Ultima arrives to teach Antonio of the healing powers of plants, the mythic role of the owl in their lives and the power of faith and superstition.

When a war veteran goes mad and shoots someone, Antonio wants to know, “Will he go to Hell?”

“That’s not for us to say. Men will do as they must,” she replies.
Then, a relative is “cursed” by some local witches, and Ultima’s true power within the family is tested. She can save him, yes — with a caveat. “When one tampers with the fate of a man, a chain of events is set in motion,” she warns. That chain is a feud between her and another family of witches.

There are lynch mobs and family betrayals, soldiers returning from war with higher expectations than farming, a drunken seer who sees all and dissolute young men who spend what they earn in the village brothel.

It’s all properly colorful, but terribly flat dramatically. Writer-director Carl Franklin (“Devil in a Blue Dress”) promises bullying, climactic battles between tradition and modernity, and never delivers.

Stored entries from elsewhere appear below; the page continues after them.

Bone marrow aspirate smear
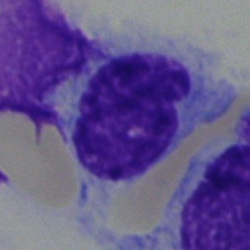
Specimen: bone marrow smear.
Morphological class: hairy cell.
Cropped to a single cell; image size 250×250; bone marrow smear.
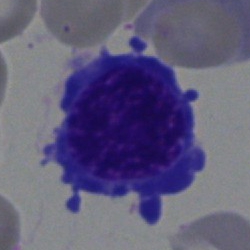

Q: Which cell type is shown here?
A: Normoblast.
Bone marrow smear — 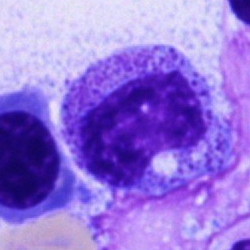

Showing a metamyelocyte.
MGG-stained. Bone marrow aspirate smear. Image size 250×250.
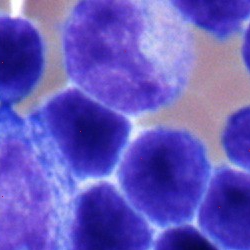{"cell_type": "metamyelocyte"}

Alfred Molina narrates the tale — Antonio as an adult — but his adult self doesn’t resolve the boy’s theological debates with his non-believer schoolmates or have a take on what a child of seven, fearful witness to Ultima’s exorcism of a curse, might have really seen.
And in spending much of the movie on the coming of age story, Franklin doesn’t bless the film with nearly enough “Ultima,” ultimately, to make it take flight. He loses the forest amid all those scruffy New Mexican trees.